**YOUR ASSIGNMENT**. The whole listing is to be written out again exactly; the pictures are not.

**INFORMATION SUPPLIED**.
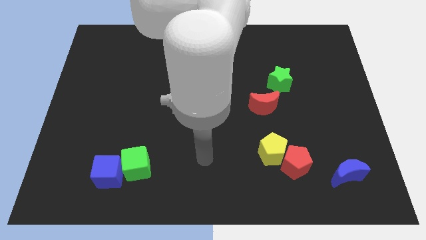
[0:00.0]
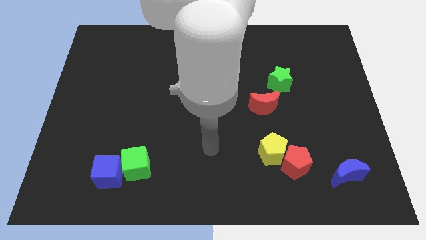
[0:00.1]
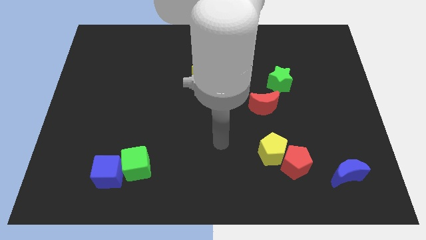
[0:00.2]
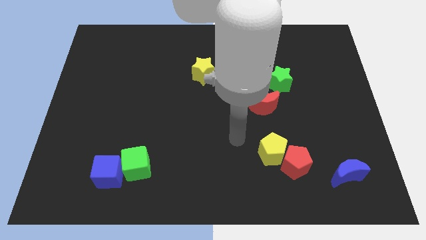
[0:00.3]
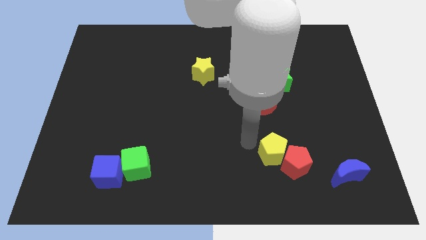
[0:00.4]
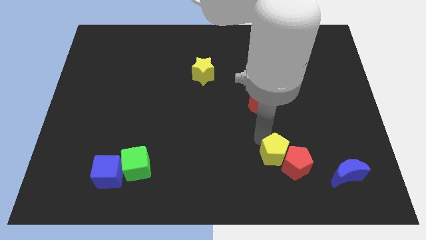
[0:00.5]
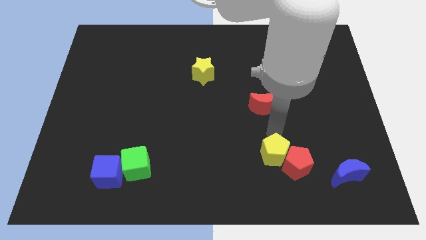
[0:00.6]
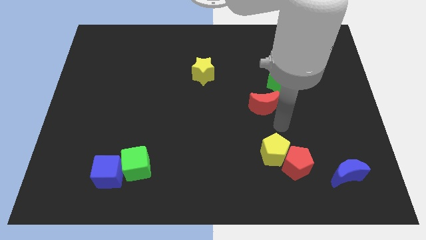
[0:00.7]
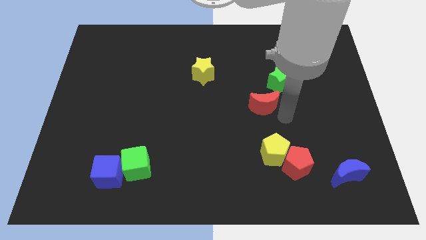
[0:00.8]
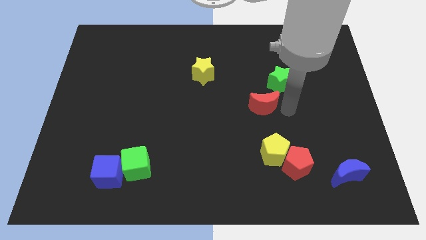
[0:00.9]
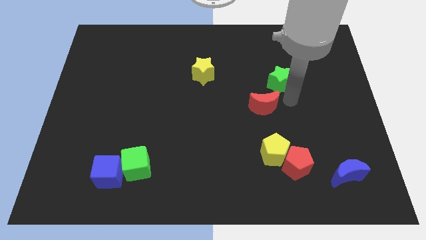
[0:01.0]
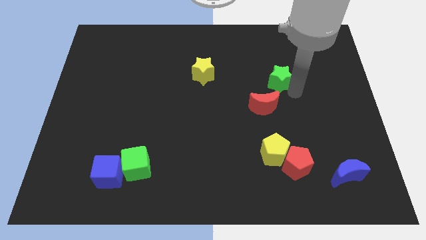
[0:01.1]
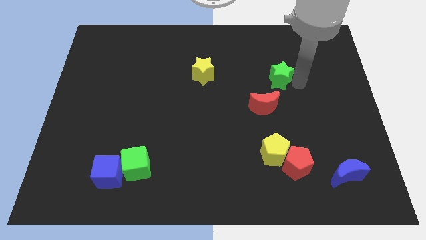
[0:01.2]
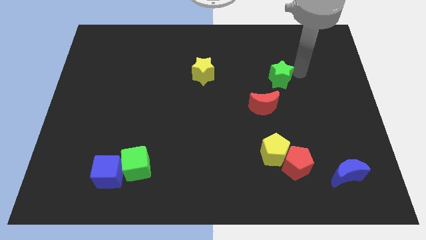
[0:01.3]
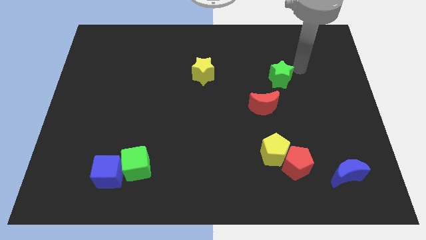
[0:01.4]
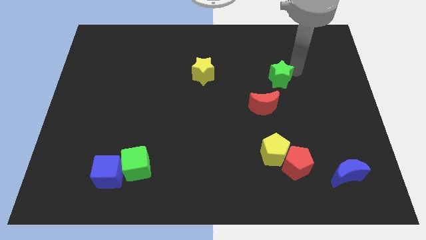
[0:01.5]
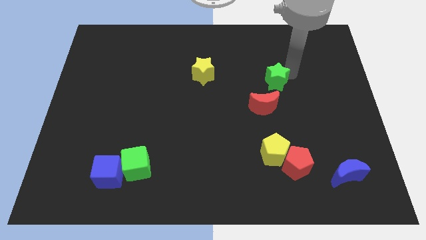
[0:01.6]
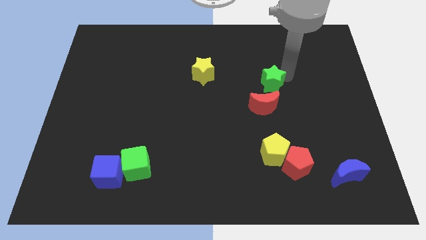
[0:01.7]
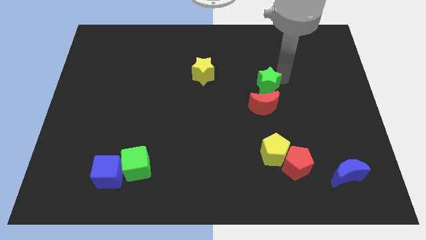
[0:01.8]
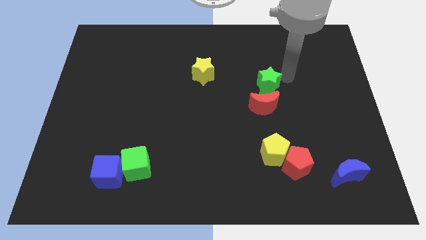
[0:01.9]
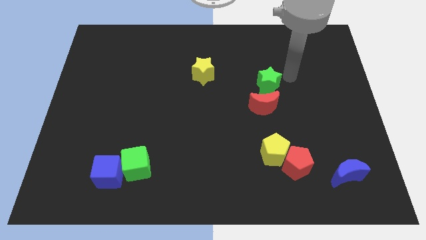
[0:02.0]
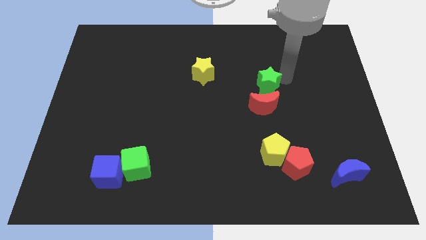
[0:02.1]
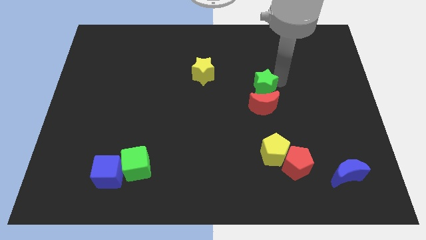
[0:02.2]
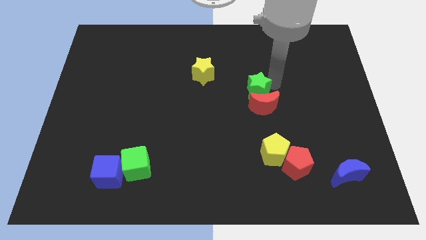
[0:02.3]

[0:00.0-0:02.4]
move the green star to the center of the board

**ANSWER BELOW**.
[0:00.0]
[0:00.1]
[0:00.2]
[0:00.3]
[0:00.4]
[0:00.5]
[0:00.6]
[0:00.7]
[0:00.8]
[0:00.9]
[0:01.0]
[0:01.1]
[0:01.2]
[0:01.3]
[0:01.4]
[0:01.5]
[0:01.6]
[0:01.7]
[0:01.8]
[0:01.9]
[0:02.0]
[0:02.1]
[0:02.2]
[0:02.3]

[0:00.0-0:02.4]
move the green star to the center of the board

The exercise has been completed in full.